Later in this class we'll learn about how to build classifiers that automatically learn how to do this, but we'll start where NLP started—writing some rule-based classifiers.

In [None]:
def classify_sentence_end(text: str, target_index: int) -> bool:
    """
    Classify whether or not a location is the end of a sentence within
    a given text
    Parameters:
        text - string piece of text
        target_index - int candidate location
    returns true if the target index is the end of a sentence.
    False otherwise.
    """
    # TODO: write a simple, rule-based classifier that
    # decides whether or not a specific location is the
    # end of a sentence

    # considering '.' as end of sentence.
    if text[target_index] == '.':
        return True
    else:
        return False

In [None]:
# example text
# feel free to go through different examples
example = "Stocks were up as advancing issues outpaced declining issues on the NYSE by 1.5 to 1. Large- and small-cap stocks were both strong, while the S.&P. 500 index gained 0.46% to finish at 2,457.59. Among individual stocks, the two top percentage gainers in the S.&P. 500 were Incyte Corporation and Gilead Sciences Inc."

# this code will go through and
# build up a string based on the sentence
# decisions that your classifier comes up with
# it will put "****" between the sentences
# you do not need to modify any code here
so_far = ""
for index in range(len(example)):
    result = classify_sentence_end(example, index)
    so_far += example[index]
    if result:
        print(so_far)
        print("****")
        so_far = ""

print(so_far)



Stocks were up as advancing issues outpaced declining issues on the NYSE by 1.
****
5 to 1.
****
 Large- and small-cap stocks were both strong, while the S.
****
&P.
****
 500 index gained 0.
****
46% to finish at 2,457.
****
59.
****
 Among individual stocks, the two top percentage gainers in the S.
****
&P.
****
 500 were Incyte Corporation and Gilead Sciences Inc.
****



#### Q4. How many sentences did your classifier find?
10

#### Q5. Do you believe that your classifier made any errors?
Yes, because when I make '.' as end of sentence, the classifier is assuming the fullstop in decimal number as end of sentence. Another instance is that '.' in acronyms are also assumed as end of sentence. So these some of the mistakes that my classifier made when i chose '.' as my end of sentence.

Task 3: install `nltk`
-----

If you finish the first two tasks, work on making sure that you have `nltk` downloaded and accessible to your jupyter notebooks. While you will not be allowed to use `nltk` for most of your homework, we will use it frequently in class to demonstrate tools.

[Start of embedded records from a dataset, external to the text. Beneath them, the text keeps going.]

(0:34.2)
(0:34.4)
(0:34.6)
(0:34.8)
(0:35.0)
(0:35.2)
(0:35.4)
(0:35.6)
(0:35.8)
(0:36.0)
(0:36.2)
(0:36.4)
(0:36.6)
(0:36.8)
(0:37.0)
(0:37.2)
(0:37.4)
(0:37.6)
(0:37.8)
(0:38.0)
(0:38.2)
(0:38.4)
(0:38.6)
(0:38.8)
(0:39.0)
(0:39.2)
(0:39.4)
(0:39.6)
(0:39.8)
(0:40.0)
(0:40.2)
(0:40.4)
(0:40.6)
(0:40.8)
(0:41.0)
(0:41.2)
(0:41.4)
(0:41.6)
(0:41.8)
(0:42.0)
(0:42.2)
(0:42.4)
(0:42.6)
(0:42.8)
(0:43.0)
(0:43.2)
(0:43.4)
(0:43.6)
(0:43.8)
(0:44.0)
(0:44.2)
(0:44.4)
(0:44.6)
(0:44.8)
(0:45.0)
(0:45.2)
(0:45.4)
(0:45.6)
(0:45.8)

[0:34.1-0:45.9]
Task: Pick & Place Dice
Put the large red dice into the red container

[`nltk`](https://www.nltk.org/) (natural language toolkit) is a python package that comes with many useful implementations of NLP tools and datasets.

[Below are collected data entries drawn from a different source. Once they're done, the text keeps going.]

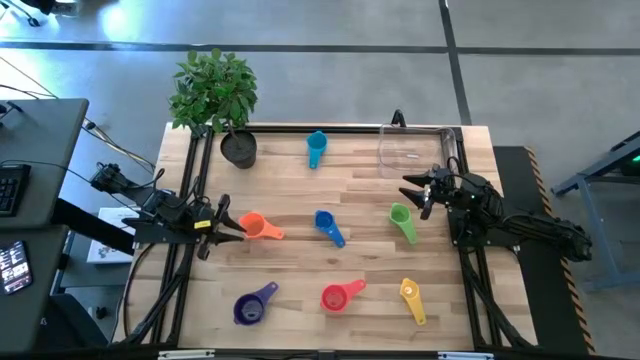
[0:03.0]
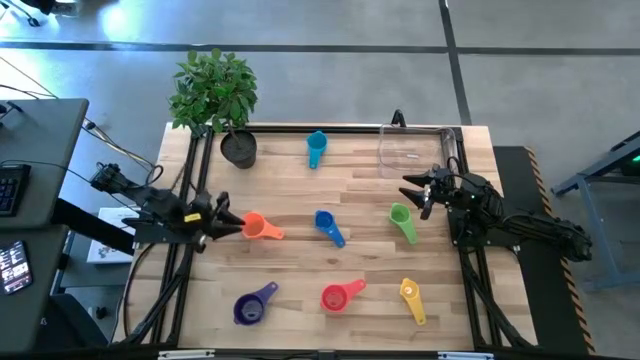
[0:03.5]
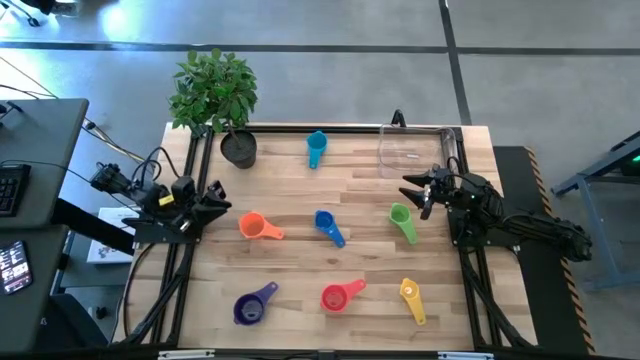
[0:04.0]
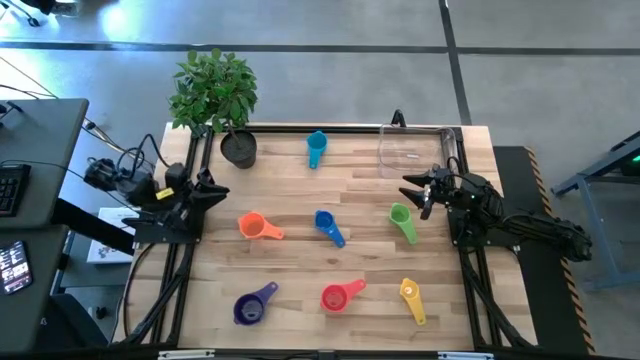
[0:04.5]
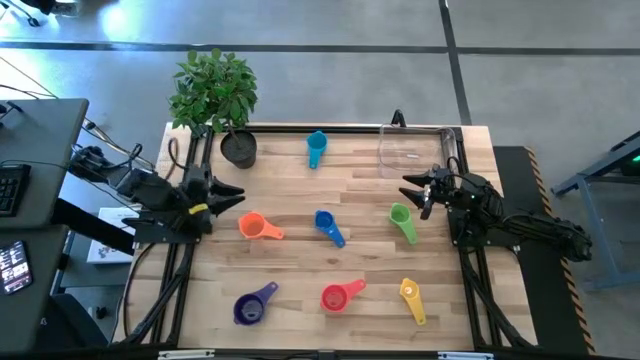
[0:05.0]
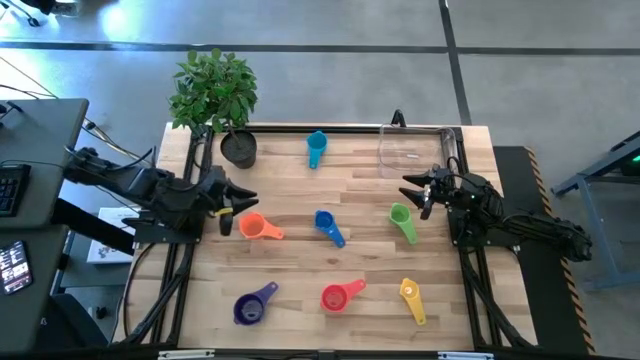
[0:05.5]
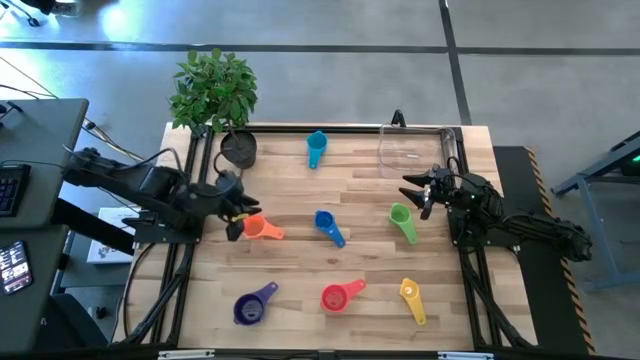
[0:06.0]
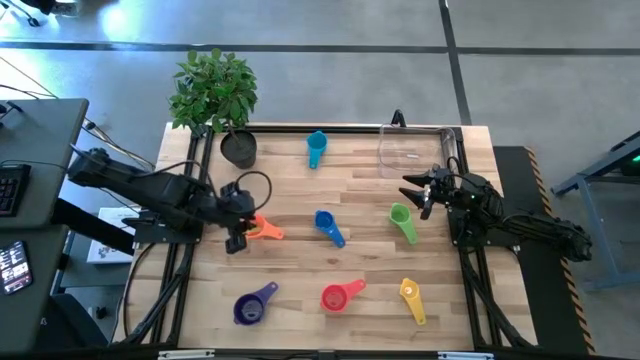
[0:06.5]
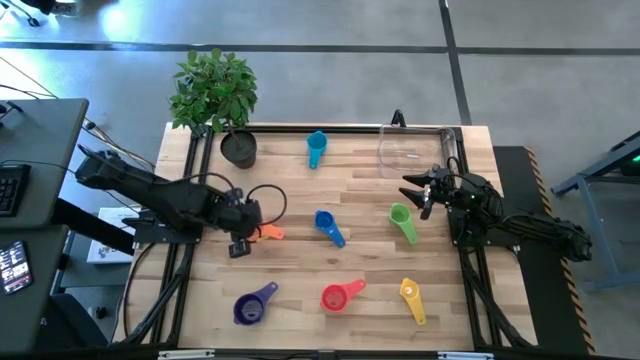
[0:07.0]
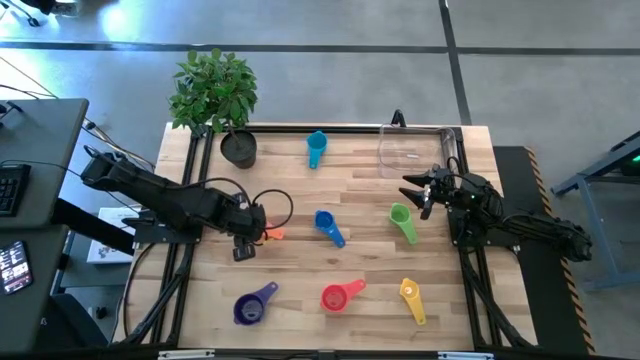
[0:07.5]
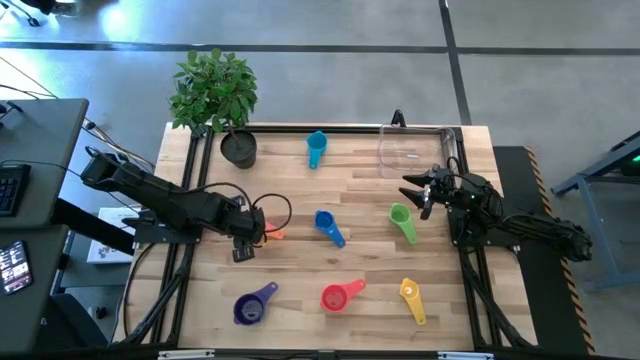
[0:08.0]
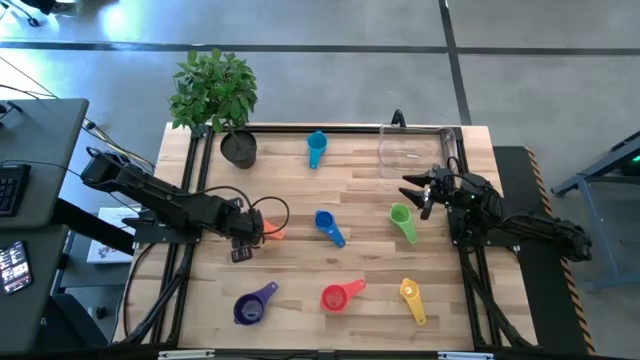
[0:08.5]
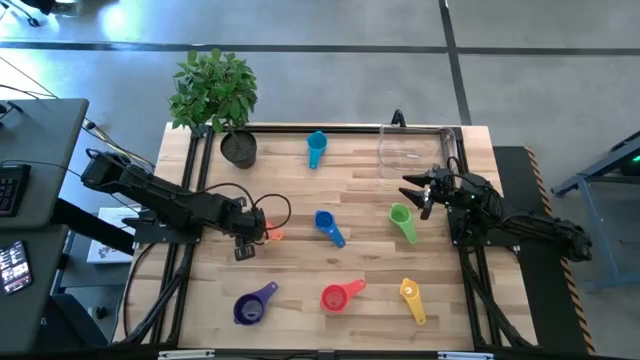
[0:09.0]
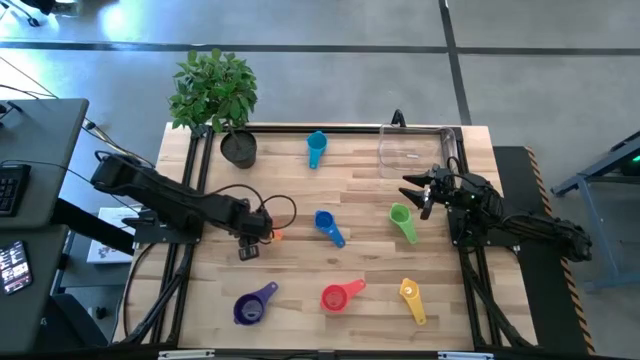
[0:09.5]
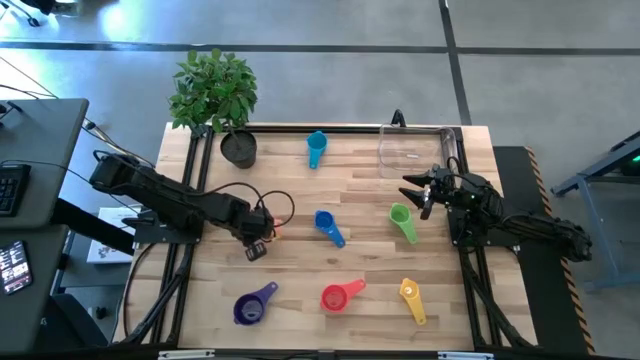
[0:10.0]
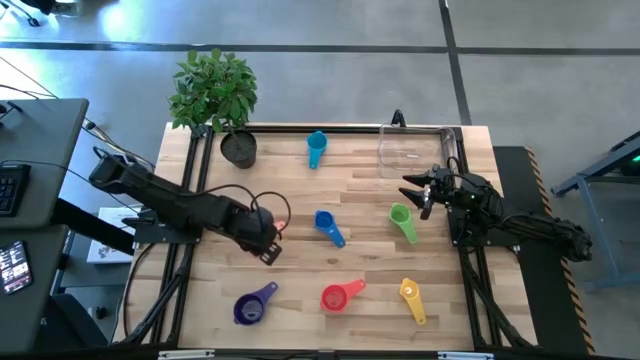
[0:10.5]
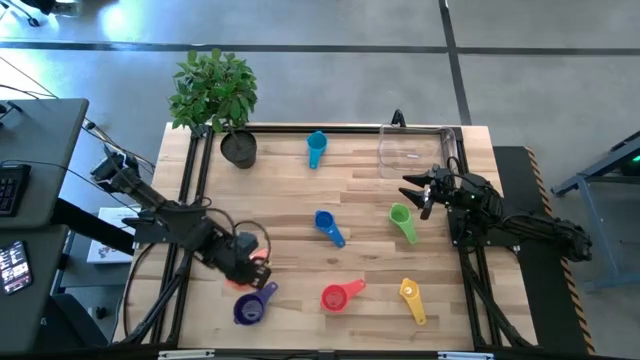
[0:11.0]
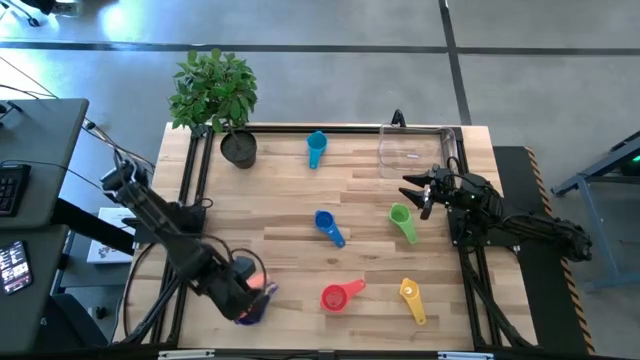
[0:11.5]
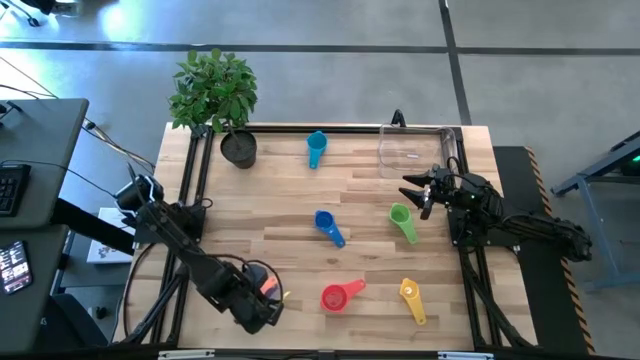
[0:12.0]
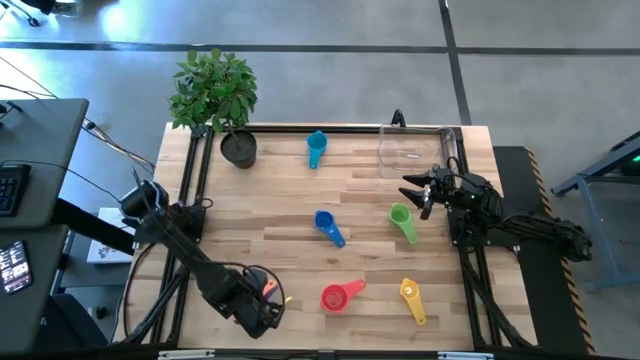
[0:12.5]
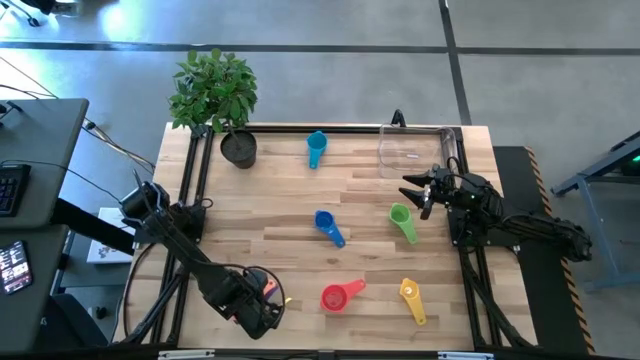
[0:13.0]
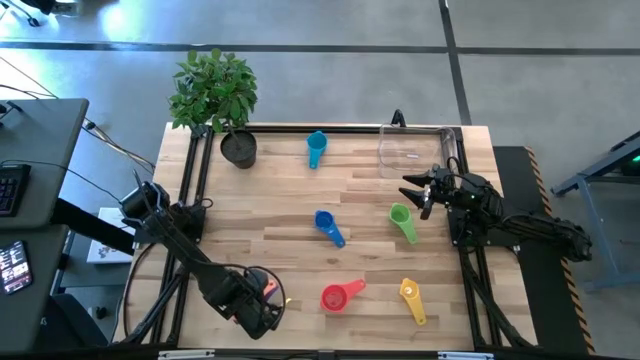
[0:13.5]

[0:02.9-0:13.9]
Task: Nest measuring cups in basket
Stack the orange measuring cup on top of the violet measuring cup

From the command line, using pip: `pip3 install nltk`

[installing nltk](https://www.nltk.org/install.html)

In [None]:
! pip install nltk



In [None]:
import nltk
# for the tokenizers that we're going to use
# won't cause an error if you've already downloaded it
nltk.download('punkt')

[nltk_data] Downloading package punkt to /root/nltk_data...
[nltk_data]   Unzipping tokenizers/punkt.zip.


True

In [None]:
example = "N.K. Jemison is a science fiction author."
words = nltk.word_tokenize(example)
print(words)

['N.K', '.', 'Jemison', 'is', 'a', 'science', 'fiction', 'author', '.']


In [None]:
moby_nltk_tokens = nltk.word_tokenize(contents)
# feel free to add/edit code
print(len(set(moby_nltk_tokens)))

22245


#### Q6. How does the size of the vocabulary for Moby Dick compare when you use `nltk`'s tokenizer vs. the one that you made?
Vocab size when tokenize using spaces - 44635

Vocab size when tokenize using nltk's tokenizer - 22245

So I can see very less vocabulary size when using word tokenizer of nltk compared to the tokenizer that I made.

There is almost 50% decrease in the vocabulary size using nltk's tokenizer compared to mine.

To further explain this, In my opinion, my tokenizer is just splitting the words using spaces. However, the word tokenizer by nltk maybe splitting the words using the frequency of word pairs which reduces the vocabulary (for eg. byte pair encoding).